Pull out every line below holding the word "style".

Stored data
◇ ◇ ◇ ◇ ◇

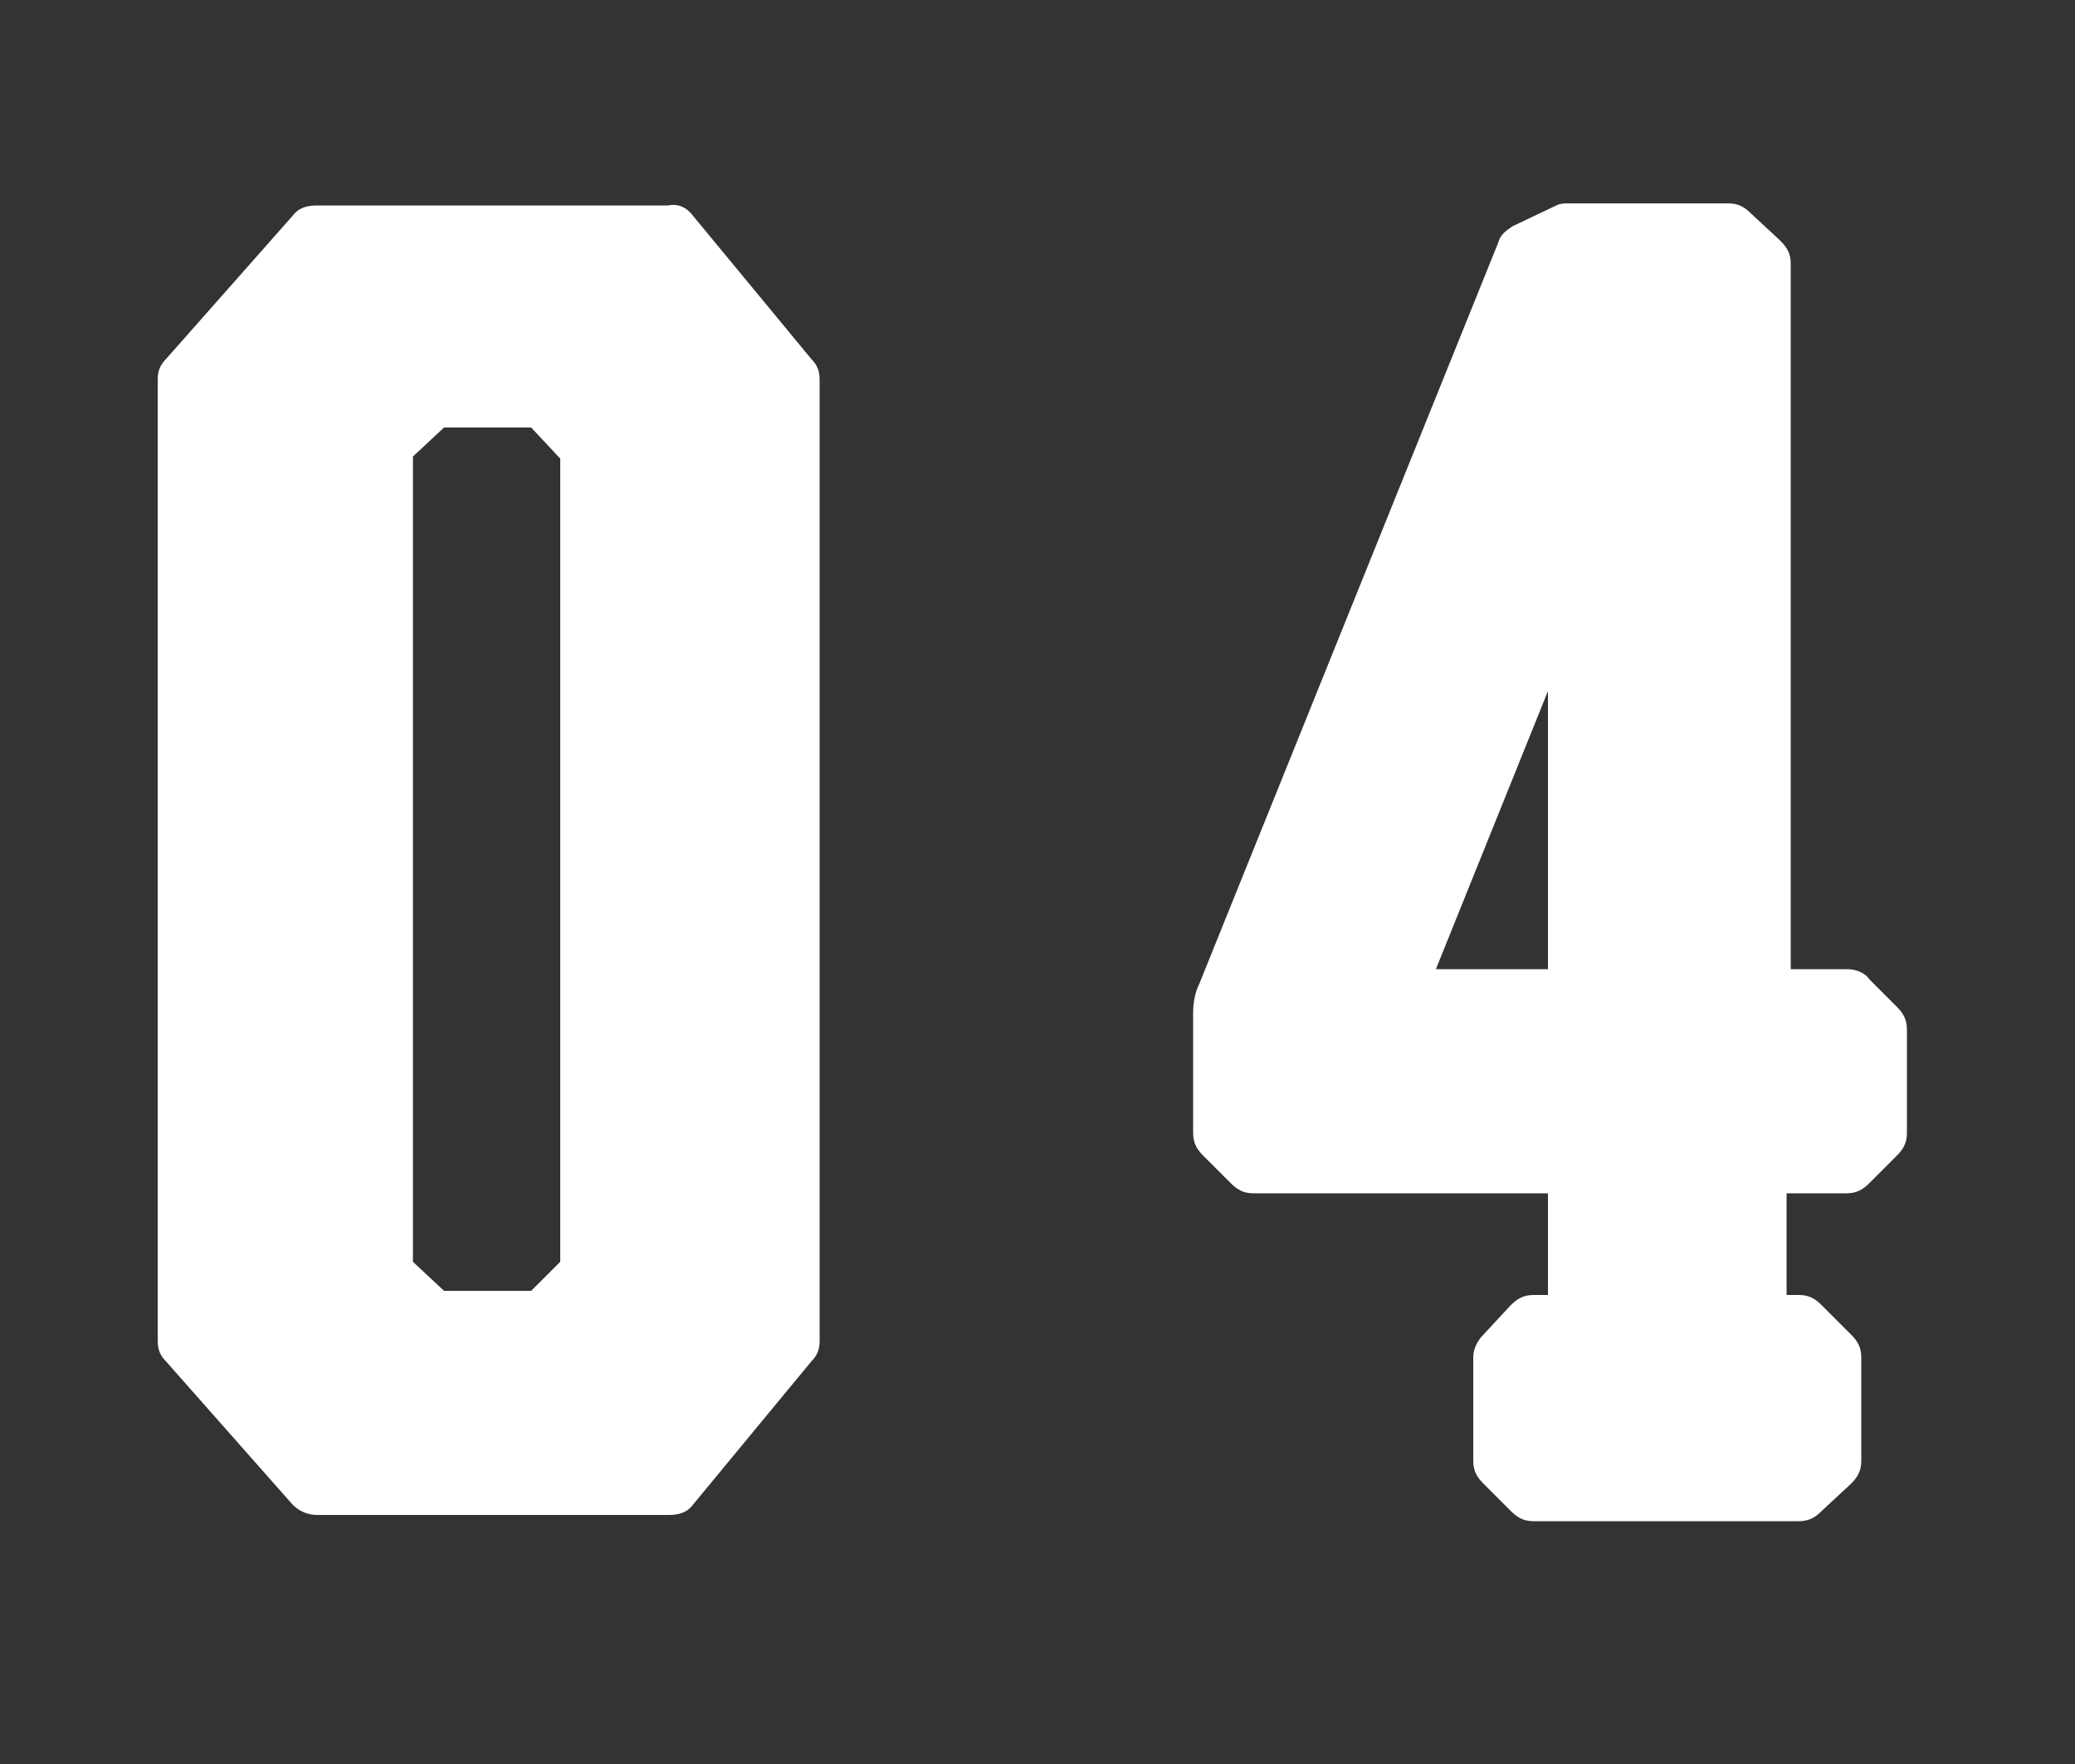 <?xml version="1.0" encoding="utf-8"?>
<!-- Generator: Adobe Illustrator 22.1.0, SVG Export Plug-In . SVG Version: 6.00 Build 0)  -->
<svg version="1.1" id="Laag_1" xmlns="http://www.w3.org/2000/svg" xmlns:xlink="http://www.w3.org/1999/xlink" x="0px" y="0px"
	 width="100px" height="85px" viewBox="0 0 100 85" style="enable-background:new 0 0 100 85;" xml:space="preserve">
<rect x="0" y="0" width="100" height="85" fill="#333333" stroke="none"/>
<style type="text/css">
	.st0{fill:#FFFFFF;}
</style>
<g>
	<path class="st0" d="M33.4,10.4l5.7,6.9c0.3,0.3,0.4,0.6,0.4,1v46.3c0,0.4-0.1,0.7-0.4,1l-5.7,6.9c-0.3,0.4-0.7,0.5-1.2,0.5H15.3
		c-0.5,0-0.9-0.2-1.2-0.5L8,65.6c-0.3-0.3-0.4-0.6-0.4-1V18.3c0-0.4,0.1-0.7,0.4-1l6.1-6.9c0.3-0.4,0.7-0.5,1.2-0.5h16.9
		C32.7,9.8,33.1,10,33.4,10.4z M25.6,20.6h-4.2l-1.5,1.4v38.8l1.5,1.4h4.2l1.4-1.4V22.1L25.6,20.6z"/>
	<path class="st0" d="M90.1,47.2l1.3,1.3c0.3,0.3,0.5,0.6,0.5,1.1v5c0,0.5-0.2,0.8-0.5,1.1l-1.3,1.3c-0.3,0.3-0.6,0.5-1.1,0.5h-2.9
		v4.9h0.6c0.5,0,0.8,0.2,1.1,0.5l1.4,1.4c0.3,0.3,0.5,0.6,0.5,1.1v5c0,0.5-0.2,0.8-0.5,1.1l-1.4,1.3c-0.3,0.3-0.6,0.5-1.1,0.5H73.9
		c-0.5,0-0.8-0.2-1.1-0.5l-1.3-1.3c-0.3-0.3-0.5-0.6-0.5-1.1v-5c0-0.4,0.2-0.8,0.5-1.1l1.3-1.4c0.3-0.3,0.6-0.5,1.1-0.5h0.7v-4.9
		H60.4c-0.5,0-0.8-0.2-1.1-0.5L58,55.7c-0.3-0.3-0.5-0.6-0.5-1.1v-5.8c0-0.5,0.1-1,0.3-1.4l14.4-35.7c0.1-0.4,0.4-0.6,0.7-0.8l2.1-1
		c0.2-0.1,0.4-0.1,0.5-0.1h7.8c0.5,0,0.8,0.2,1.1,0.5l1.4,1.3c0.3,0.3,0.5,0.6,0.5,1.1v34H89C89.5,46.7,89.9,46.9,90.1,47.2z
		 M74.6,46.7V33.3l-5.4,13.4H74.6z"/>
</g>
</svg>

◇ ◇ ◇ ◇ ◇

Response area
	 width="100px" height="85px" viewBox="0 0 100 85" style="enable-background:new 0 0 100 85;" xml:space="preserve">
<style type="text/css">
</style>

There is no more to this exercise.